When I was taking a month or so off work for the season and running hard, I would usually stay in an area maybe 7 to 10 days or so, or till activity died pretty much out...but then I was always kinda "rotateing" areas, moving out of one and into another, lengthing my line on one end and shortening it on the other... When I had to go back to work, I usually stayed in the same areas, close to home, for the reminder of the season, and often left the majority of the sets there till I pulled up for the season, occasionally pulling some, and putting in others.

I never re-baited my sets unless I made a catch, or the bait got stolen...and I re-lured after a rain, or if I were leaving the sets in the ground for longer periods, then about every 6 or 7 days.
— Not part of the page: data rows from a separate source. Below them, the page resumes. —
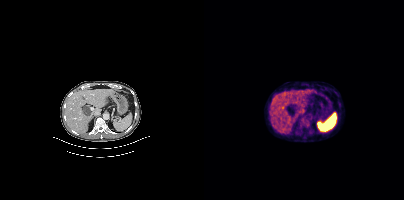
Coordinates are on the 200×200 PET (right) panel. PSMA-avid tumor lesion bounding box (x0, y0)-(x1, y1): (95, 117)-(107, 127).
modality: PSMA PET/CT | tracer: 18F-PSMA | view: axial | PET grid: 200×200
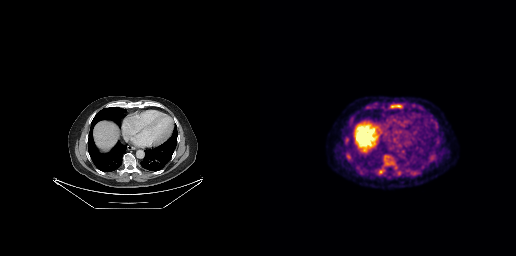
Findings: Coordinates are on the 256×256 PET (right) panel. PSMA-avid tumor lesion bounding box (x, y, width, height): x=131 y=104 w=9 h=5.
Technique: Left: CT. Right: PSMA PET, same axial level, 18F-PSMA tracer. acquired on GE Discovery 690. slice position z = -302 mm. PET panel 256×256 px (2.7 mm/px).
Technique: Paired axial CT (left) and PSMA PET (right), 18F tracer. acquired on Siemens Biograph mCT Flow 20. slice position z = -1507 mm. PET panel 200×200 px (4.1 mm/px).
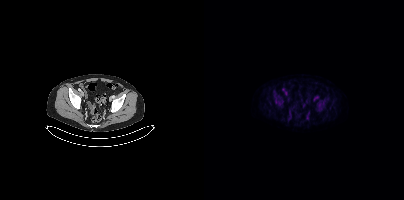
Findings: Only PSMA-avid lesion pieces thinner than 2 px on this slice (not listed).
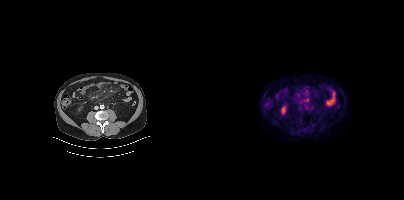
No PSMA-avid tumor lesions on this slice.
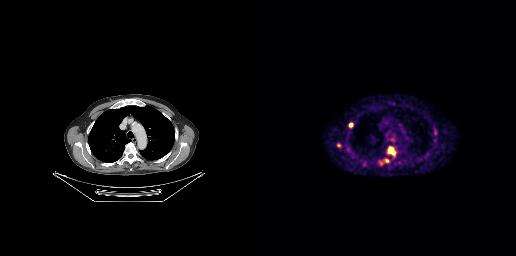
Coordinates are on the 256×256 PET (right) panel. PSMA-avid tumor lesion bounding boxes (x0,y0,x1,y1): [128,147,134,154]; [120,159,129,164]; [89,123,92,127]. Small PSMA-avid focus (2 to 4 px across) near (center x, center y): (78, 145).
modality: PSMA PET/CT | tracer: [68Ga]Ga-PSMA-11 | view: axial | PET grid: 256×256
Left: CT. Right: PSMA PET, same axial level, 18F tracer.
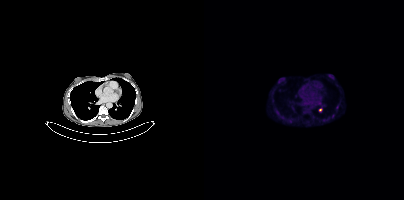
Coordinates are on the 200×200 PET (right) panel. Small PSMA-avid foci (2 to 4 px across) near (center x, center y): (74, 113); (129, 115); (133, 107); (86, 121); (116, 109).
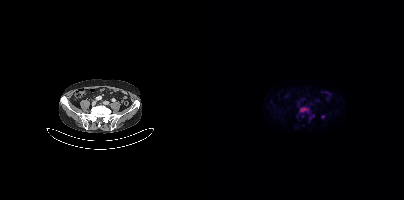
modality: PSMA PET/CT | tracer: [18F]PSMA-1007 | view: axial | PET grid: 200×200
Coordinates are on the 200×200 PET (right) panel. (showing 2 of 3 foci) PSMA-avid tumor lesion bounding box (x0,y0,x1,y1): [96,107,104,112]. Small PSMA-avid focus (2 to 4 px across) near (center x, center y): (119, 116).
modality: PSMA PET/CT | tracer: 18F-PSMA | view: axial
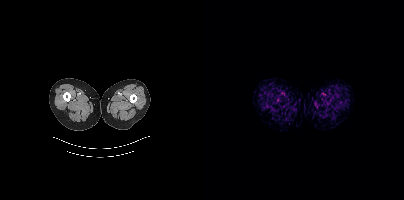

As for "run and gun".... Not real sure what you mean... but if you have only limited time and/or limited areas...then I would just concentrate on makeing good sets at good locations, and haveing patience.


----------



## carp_killer (Nov 24, 2006)

i rotate my sets every week or so unless im catching alot of animals which ocassionaly happens as for rebaiting i do it wen ever the old bait is gone or after a rain fall


----------



## rangeman (Dec 7, 2006)

You hit the nail on the head Mongo. My state requires daily set checks. I have been adhering to the rules. I work swing shift during the week so during the week it is hard to get up early, so I set on Sat and run on Sun an Mon then pull the traps and start in again the next weekend. I have over a million acres of public lands to hunt, and I love it. It all looks like there should be a varmint behind every bush. I do have some good areas close to the house but its hard to ignore the untouched big woods...... I have been trying to keep my sets somewhat close to the logging roads for ease of checking from the pick-up. Are trap lines usually done on foot making a big loop? I have been concentrating more on sign this year and saddles in ridges and ravines and the likes. There is some pasture land around the house but it is all private. I do have a railroad track that runs behind the house that is literally covered with yote sign, but I have not figured out how to set a trap on those damn tracks yet.......Ha!


----------



## Mongojoe (Nov 2, 2006)

Rangeman, I used to run a few walking lines when I was young, and doing that I generally would make a big loop and end up where I started. But as the years passed, and my beard got greyer, the hills seemed to get steeper, the trails longer, and the stuff I had to carry heavier...LOL.... Eventually, I pretty much just started doing my lines from the truck... I still had to stop and walk a short ways to some sets, but many I could see from my truck... But still I would try to "run a loop" when I could, to avoid as much back-tracking as possible... Coyotes were the main predator on my lines here, and during the time I took off work to run traps, a loop around my lines, with all the side trips down two tracks, and back roads, might put over 100 miles a day on my truck... I had a couple of stretches of old rail-road track on my lines...but they were old rail-road right of ways, and the tracks had been taken up.... These are animal highways, and very productive.


----------